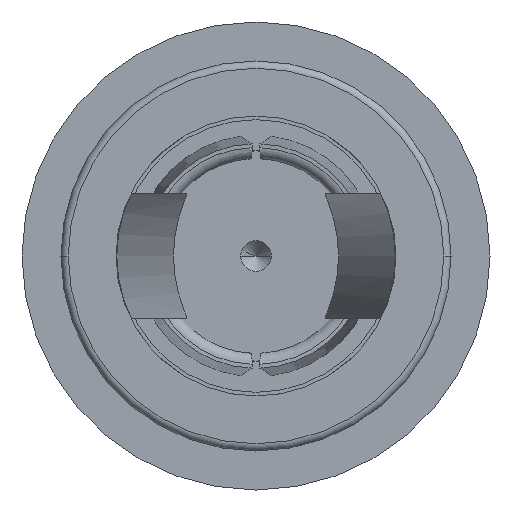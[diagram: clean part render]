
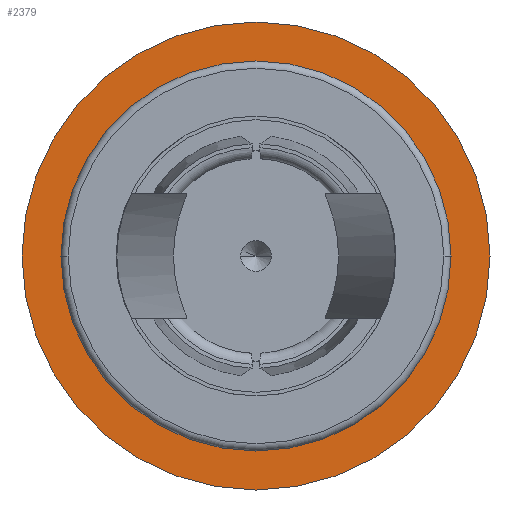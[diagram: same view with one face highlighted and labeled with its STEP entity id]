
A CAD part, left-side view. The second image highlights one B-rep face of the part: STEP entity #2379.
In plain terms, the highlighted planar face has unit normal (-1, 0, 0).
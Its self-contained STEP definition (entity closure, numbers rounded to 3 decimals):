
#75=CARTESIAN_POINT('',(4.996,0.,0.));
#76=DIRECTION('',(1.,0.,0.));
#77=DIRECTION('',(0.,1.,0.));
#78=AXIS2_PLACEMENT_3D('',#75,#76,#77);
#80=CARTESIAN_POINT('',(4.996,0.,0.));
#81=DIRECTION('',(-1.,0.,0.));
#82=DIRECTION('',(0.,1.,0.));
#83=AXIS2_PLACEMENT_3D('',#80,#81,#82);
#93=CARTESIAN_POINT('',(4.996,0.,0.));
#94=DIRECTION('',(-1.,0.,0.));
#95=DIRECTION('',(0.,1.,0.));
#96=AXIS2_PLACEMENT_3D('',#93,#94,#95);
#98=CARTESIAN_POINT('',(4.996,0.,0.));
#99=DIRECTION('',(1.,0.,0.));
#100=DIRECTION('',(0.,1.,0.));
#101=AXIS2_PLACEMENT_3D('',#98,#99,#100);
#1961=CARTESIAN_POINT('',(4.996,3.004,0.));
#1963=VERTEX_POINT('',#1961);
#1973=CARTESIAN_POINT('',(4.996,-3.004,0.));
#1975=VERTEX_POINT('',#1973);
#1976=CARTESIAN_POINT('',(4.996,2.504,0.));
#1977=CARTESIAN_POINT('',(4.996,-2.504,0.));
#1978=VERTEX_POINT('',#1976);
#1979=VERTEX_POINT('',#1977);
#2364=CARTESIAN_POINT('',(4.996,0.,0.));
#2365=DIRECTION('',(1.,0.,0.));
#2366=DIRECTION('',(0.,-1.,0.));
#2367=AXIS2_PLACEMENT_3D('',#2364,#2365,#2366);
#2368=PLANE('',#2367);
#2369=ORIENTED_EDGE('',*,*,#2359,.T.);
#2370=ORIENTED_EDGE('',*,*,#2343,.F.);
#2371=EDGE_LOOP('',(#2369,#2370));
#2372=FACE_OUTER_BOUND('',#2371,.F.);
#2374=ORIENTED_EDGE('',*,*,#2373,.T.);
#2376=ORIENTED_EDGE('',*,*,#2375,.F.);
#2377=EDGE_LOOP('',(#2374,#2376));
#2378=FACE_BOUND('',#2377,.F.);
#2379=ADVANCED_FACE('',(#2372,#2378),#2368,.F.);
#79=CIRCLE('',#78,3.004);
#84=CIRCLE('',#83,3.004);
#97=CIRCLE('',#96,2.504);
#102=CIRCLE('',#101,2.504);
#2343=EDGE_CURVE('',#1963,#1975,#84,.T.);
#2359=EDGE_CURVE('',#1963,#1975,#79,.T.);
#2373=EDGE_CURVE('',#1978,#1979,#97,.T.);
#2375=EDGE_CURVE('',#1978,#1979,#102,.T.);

* * *

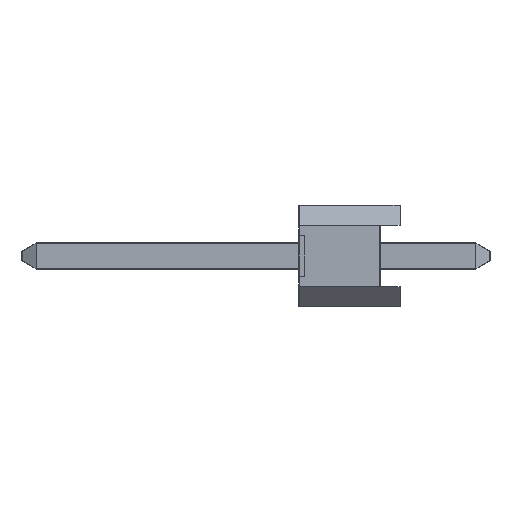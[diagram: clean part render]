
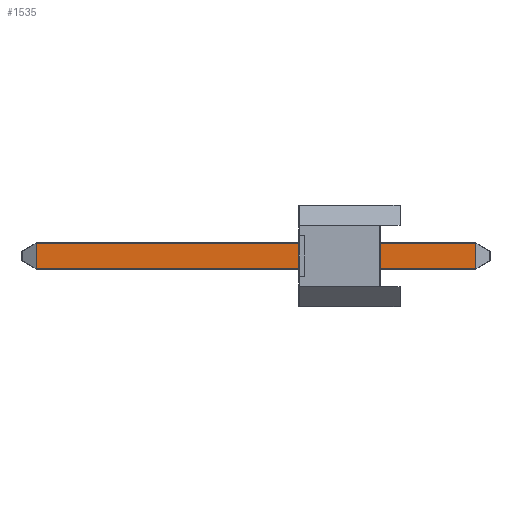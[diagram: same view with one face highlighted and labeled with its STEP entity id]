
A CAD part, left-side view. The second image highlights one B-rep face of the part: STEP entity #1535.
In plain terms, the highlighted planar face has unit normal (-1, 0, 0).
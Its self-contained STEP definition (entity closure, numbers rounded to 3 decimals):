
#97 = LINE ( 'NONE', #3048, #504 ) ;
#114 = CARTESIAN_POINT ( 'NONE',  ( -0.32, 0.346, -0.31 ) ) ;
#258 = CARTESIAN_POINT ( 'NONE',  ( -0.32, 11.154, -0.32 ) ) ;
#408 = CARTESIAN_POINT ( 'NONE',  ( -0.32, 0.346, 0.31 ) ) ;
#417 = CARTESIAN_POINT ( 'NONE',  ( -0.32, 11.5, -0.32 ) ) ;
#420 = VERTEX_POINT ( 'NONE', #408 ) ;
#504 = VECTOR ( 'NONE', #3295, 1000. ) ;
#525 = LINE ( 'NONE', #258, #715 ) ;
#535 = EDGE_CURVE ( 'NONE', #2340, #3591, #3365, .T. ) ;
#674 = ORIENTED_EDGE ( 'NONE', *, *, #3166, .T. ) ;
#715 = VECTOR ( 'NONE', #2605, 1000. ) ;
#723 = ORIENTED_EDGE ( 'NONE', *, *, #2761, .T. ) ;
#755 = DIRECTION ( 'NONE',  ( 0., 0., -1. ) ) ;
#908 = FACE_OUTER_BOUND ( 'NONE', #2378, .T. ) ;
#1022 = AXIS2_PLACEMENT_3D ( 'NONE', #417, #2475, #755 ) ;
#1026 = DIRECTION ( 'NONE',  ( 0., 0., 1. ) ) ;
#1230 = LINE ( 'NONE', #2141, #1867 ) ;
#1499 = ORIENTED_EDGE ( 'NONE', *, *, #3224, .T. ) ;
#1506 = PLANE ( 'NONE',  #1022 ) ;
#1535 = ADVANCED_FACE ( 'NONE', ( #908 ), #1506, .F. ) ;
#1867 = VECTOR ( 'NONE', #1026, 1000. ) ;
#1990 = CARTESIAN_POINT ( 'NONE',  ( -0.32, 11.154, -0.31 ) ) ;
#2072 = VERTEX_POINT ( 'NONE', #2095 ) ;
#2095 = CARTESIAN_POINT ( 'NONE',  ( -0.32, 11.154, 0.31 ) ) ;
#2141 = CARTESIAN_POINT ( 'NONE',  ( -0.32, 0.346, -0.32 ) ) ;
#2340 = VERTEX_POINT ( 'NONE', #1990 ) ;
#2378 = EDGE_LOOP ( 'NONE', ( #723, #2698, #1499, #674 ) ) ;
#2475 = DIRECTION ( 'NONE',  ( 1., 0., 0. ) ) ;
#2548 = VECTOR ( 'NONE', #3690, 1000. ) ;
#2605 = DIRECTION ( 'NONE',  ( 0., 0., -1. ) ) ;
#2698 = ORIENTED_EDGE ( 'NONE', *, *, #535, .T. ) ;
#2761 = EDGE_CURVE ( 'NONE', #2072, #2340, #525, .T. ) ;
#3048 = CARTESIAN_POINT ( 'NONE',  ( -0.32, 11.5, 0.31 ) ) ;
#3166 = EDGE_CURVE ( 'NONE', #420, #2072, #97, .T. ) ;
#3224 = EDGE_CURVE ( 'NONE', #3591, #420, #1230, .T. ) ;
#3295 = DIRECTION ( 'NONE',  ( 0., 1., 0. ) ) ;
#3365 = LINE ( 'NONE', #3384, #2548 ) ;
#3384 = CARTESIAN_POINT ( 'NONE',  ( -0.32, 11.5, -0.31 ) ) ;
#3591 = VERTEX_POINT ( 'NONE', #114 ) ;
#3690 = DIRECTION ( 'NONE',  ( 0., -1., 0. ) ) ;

==

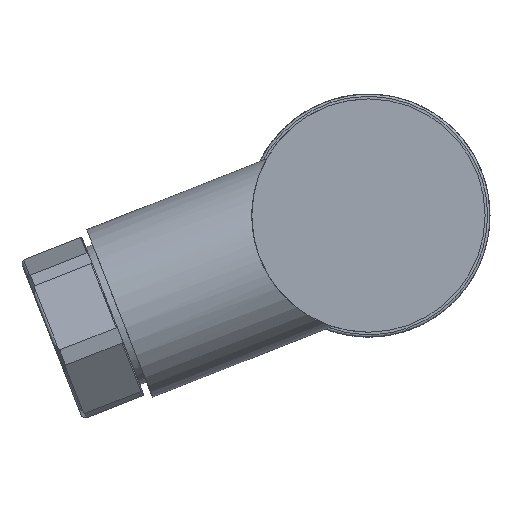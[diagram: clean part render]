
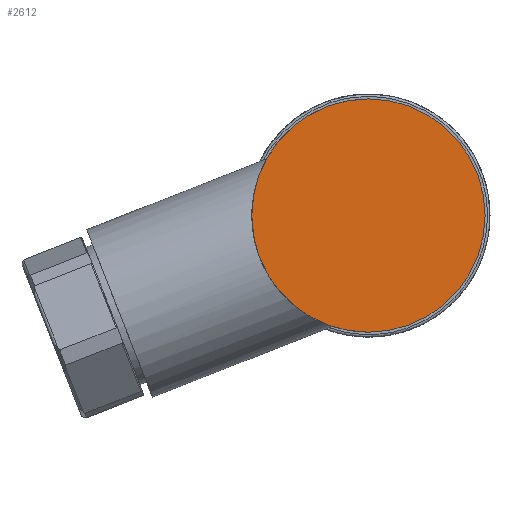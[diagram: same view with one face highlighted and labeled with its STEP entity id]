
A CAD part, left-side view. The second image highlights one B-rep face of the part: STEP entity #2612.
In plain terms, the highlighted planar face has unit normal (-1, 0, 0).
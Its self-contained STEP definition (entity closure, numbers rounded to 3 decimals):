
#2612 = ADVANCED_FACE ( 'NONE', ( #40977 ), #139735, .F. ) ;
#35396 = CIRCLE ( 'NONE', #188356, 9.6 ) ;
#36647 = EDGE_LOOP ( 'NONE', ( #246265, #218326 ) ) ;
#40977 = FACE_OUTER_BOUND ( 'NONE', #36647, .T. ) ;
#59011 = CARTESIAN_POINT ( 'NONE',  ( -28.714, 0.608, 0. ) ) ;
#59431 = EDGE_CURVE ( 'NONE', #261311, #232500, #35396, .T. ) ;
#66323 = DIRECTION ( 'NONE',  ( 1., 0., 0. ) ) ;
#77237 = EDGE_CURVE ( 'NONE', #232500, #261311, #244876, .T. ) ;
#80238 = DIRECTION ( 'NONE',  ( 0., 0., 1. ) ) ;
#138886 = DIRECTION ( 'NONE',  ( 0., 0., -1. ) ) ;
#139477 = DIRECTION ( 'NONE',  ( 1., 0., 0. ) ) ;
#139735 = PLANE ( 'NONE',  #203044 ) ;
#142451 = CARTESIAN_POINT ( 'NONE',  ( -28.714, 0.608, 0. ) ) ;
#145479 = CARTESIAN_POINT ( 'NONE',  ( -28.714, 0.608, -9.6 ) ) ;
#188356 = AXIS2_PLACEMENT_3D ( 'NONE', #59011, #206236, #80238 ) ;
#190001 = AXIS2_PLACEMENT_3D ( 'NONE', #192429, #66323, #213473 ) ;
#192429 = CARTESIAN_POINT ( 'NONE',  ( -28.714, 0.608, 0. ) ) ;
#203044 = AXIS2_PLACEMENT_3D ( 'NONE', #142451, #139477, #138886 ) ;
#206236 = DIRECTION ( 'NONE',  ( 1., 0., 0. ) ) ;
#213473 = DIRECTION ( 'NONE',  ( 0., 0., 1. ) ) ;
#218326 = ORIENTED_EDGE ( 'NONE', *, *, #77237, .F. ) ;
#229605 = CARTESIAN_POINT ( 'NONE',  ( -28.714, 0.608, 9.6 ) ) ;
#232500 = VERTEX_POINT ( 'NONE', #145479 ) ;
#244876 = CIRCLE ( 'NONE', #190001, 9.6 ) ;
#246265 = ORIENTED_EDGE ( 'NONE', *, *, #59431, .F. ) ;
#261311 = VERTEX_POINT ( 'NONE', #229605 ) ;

Your assignment → Keep only those lines of the records that hold "side", and return them.

Solution →
A CAD part, left-side view. The second image highlights one B-rep face of the part: STEP entity #2379.
A CAD part, left-side view. The second image highlights one B-rep face of the part: STEP entity #1535.
A CAD part, left-side view. The second image highlights one B-rep face of the part: STEP entity #2612.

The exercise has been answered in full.